Robust Optimization Model Using Ellipsoidal And Polyhedral Uncertainty Sets For Spatial Land-Use Allocation Problem

Land-use planning becomes an important thing to do because some land-use types can impact the environment and life quality. Land-use planning is generally an activity that involves the allocation of activities in a particular land. Spatial Optimization can be applied in land-use planning activity. The optimization model for the land-use allocation problem aims to determine the percentage of land-use changes that can maximize the comprehensive index and compactness index. In land-use planning, there are several uncertainty factors.
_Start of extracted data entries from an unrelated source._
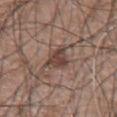No biopsy was performed on this lesion — it was imaged during a full skin examination and was not determined to be concerning. Approximately 4 mm at its widest. The subject is a male aged 58 to 62. A 15 mm close-up extracted from a 3D total-body photography capture. This is a white-light tile. An algorithmic analysis of the crop reported a footprint of about 5.5 mm² and a shape eccentricity near 0.8. The software also gave a mean CIELAB color near L≈42 a*≈17 b*≈23, about 11 CIELAB-L* units darker than the surrounding skin, and a lesion-to-skin contrast of about 9 (normalized; higher = more distinct). The analysis additionally found a classifier nevus-likeness of about 10/100. The lesion is on the chest.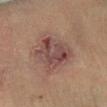Case summary:
• workup · imaged on a skin check; not biopsied
• body site · the right lower leg
• lesion size · ~5.5 mm (longest diameter)
• automated lesion analysis · a lesion color around L≈40 a*≈18 b*≈20 in CIELAB, a lesion–skin lightness drop of about 9, and a lesion-to-skin contrast of about 8 (normalized; higher = more distinct); a border-irregularity index near 2.5/10 and a color-variation rating of about 6.5/10; a lesion-detection confidence of about 100/100
• subject · male, about 65 years old
• acquisition · 15 mm crop, total-body photography
• illumination · cross-polarized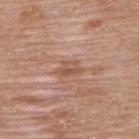Clinical impression: Captured during whole-body skin photography for melanoma surveillance; the lesion was not biopsied. Background: This is a white-light tile. A 15 mm close-up extracted from a 3D total-body photography capture. About 3 mm across. The lesion is on the upper back. The subject is a female approximately 60 years of age.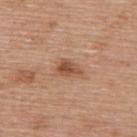Imaged during a routine full-body skin examination; the lesion was not biopsied and no histopathology is available.
The patient is a female aged approximately 60.
Measured at roughly 3 mm in maximum diameter.
Captured under white-light illumination.
From the upper back.
Automated image analysis of the tile measured an average lesion color of about L≈51 a*≈22 b*≈32 (CIELAB), about 12 CIELAB-L* units darker than the surrounding skin, and a lesion-to-skin contrast of about 8 (normalized; higher = more distinct).
A 15 mm close-up extracted from a 3D total-body photography capture.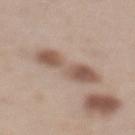<record>
<image>
  <source>total-body photography crop</source>
  <field_of_view_mm>15</field_of_view_mm>
</image>
<site>mid back</site>
<lesion_size>
  <long_diameter_mm_approx>6.5</long_diameter_mm_approx>
</lesion_size>
<patient>
  <sex>female</sex>
  <age_approx>65</age_approx>
</patient>
</record>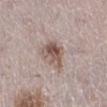Clinical impression:
No biopsy was performed on this lesion — it was imaged during a full skin examination and was not determined to be concerning.
Background:
Captured under white-light illumination. Located on the right lower leg. This image is a 15 mm lesion crop taken from a total-body photograph. The subject is a female in their 50s.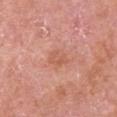The lesion is located on the left upper arm.
A male patient aged around 70.
This image is a 15 mm lesion crop taken from a total-body photograph.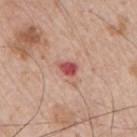<case>
  <biopsy_status>not biopsied; imaged during a skin examination</biopsy_status>
  <site>right upper arm</site>
  <automated_metrics>
    <vs_skin_contrast_norm>9.5</vs_skin_contrast_norm>
    <peripheral_color_asymmetry>1.0</peripheral_color_asymmetry>
  </automated_metrics>
  <patient>
    <sex>male</sex>
    <age_approx>65</age_approx>
  </patient>
  <lighting>white-light</lighting>
  <image>
    <source>total-body photography crop</source>
    <field_of_view_mm>15</field_of_view_mm>
  </image>
  <lesion_size>
    <long_diameter_mm_approx>2.5</long_diameter_mm_approx>
  </lesion_size>
</case>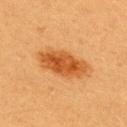Recorded during total-body skin imaging; not selected for excision or biopsy. The lesion-visualizer software estimated a lesion area of about 15 mm², a shape eccentricity near 0.9, and a shape-asymmetry score of about 0.2 (0 = symmetric). The software also gave a mean CIELAB color near L≈49 a*≈27 b*≈42, a lesion–skin lightness drop of about 12, and a normalized border contrast of about 8.5. The software also gave a border-irregularity rating of about 2.5/10, a color-variation rating of about 4.5/10, and a peripheral color-asymmetry measure near 1.5. The analysis additionally found a classifier nevus-likeness of about 100/100 and a lesion-detection confidence of about 100/100. A roughly 15 mm field-of-view crop from a total-body skin photograph. This is a cross-polarized tile. The patient is a female about 20 years old. The lesion is on the upper back.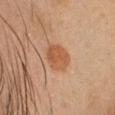Part of a total-body skin-imaging series; this lesion was reviewed on a skin check and was not flagged for biopsy. An algorithmic analysis of the crop reported an area of roughly 8 mm², an eccentricity of roughly 0.6, and two-axis asymmetry of about 0.15. The analysis additionally found an automated nevus-likeness rating near 85 out of 100 and a lesion-detection confidence of about 100/100. The recorded lesion diameter is about 3.5 mm. A 15 mm close-up extracted from a 3D total-body photography capture. A male patient aged 33–37. Captured under cross-polarized illumination. Located on the head or neck.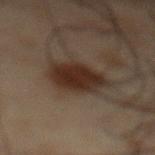No biopsy was performed on this lesion — it was imaged during a full skin examination and was not determined to be concerning. On the abdomen. A male subject, aged approximately 50. Cropped from a total-body skin-imaging series; the visible field is about 15 mm.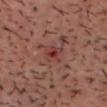Q: Is there a histopathology result?
A: catalogued during a skin exam; not biopsied
Q: What are the patient's age and sex?
A: male, approximately 40 years of age
Q: What lighting was used for the tile?
A: cross-polarized
Q: Lesion size?
A: ~3 mm (longest diameter)
Q: What kind of image is this?
A: ~15 mm tile from a whole-body skin photo
Q: Automated lesion metrics?
A: a footprint of about 5.5 mm², an eccentricity of roughly 0.6, and two-axis asymmetry of about 0.3; a border-irregularity rating of about 3.5/10, internal color variation of about 8.5 on a 0–10 scale, and peripheral color asymmetry of about 2.5; an automated nevus-likeness rating near 0 out of 100 and lesion-presence confidence of about 100/100
Q: Lesion location?
A: the head or neck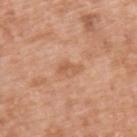Findings:
- notes · imaged on a skin check; not biopsied
- body site · the upper back
- automated metrics · a mean CIELAB color near L≈58 a*≈24 b*≈35, roughly 8 lightness units darker than nearby skin, and a normalized lesion–skin contrast near 5.5; a border-irregularity rating of about 6/10, a within-lesion color-variation index near 0/10, and a peripheral color-asymmetry measure near 0; a classifier nevus-likeness of about 0/100 and a detector confidence of about 100 out of 100 that the crop contains a lesion
- patient · male, aged around 50
- lighting · white-light
- lesion diameter · ≈3 mm
- imaging modality · 15 mm crop, total-body photography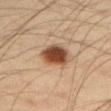notes: total-body-photography surveillance lesion; no biopsy
image source: ~15 mm tile from a whole-body skin photo
patient: male, approximately 35 years of age
location: the right upper arm
TBP lesion metrics: roughly 17 lightness units darker than nearby skin and a normalized lesion–skin contrast near 12.5; a border-irregularity index near 2/10, a within-lesion color-variation index near 5/10, and radial color variation of about 1.5; a classifier nevus-likeness of about 100/100 and a lesion-detection confidence of about 100/100
lighting: cross-polarized illumination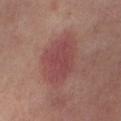Q: Illumination type?
A: cross-polarized illumination
Q: What kind of image is this?
A: 15 mm crop, total-body photography
Q: What is the anatomic site?
A: the right thigh
Q: What are the patient's age and sex?
A: female, aged approximately 50
Q: How large is the lesion?
A: about 7 mm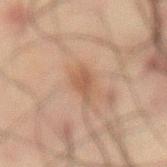Case summary:
– biopsy status — no biopsy performed (imaged during a skin exam)
– TBP lesion metrics — a within-lesion color-variation index near 1.5/10 and peripheral color asymmetry of about 0.5; lesion-presence confidence of about 100/100
– lesion size — about 3.5 mm
– image source — 15 mm crop, total-body photography
– tile lighting — cross-polarized illumination
– site — the abdomen
– subject — male, aged 58 to 62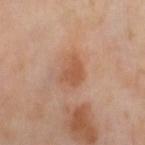Q: Is there a histopathology result?
A: imaged on a skin check; not biopsied
Q: What are the patient's age and sex?
A: female, about 50 years old
Q: What kind of image is this?
A: 15 mm crop, total-body photography
Q: What is the anatomic site?
A: the right thigh
Q: Automated lesion metrics?
A: a nevus-likeness score of about 30/100
Q: What is the lesion's diameter?
A: ~3.5 mm (longest diameter)
Q: Illumination type?
A: cross-polarized illumination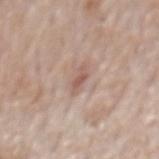{
  "biopsy_status": "not biopsied; imaged during a skin examination",
  "lesion_size": {
    "long_diameter_mm_approx": 3.0
  },
  "site": "back",
  "image": {
    "source": "total-body photography crop",
    "field_of_view_mm": 15
  },
  "patient": {
    "sex": "male",
    "age_approx": 70
  },
  "lighting": "white-light"
}

In this paper, the robust optimization model for the land-use allocation problem is discussed as a multi-objective function. There are two objective functions to maximize the comprehensive index and to maximize the density index. The uncertainties are assumed are in benefit and acquisition cost when a land planning is changed to another land-use type. In order to get a robust counterpart (RC) formulation, the uncertain parameter is assumed to lie within an ellipsoidal and a polyhedral uncertainties set. A study for the numerical experiment is done for Jatinangor District in Kabupaten Sumedang, Indonesia, as an educational area. In this case study, two scenarios are discussed, i.e., the first scenario allows a policy for changing all types of land to be other land types. The second scenario preserves a condition that a type of land cannot be changed to another type. To handle the multi-objective optimization function, the lexicographic method is employed. It is shown that the computational tractability of the RC is gained with ellipsoidal and polyhedral uncertainty set. Thus, the robust optimal solutions are achieved.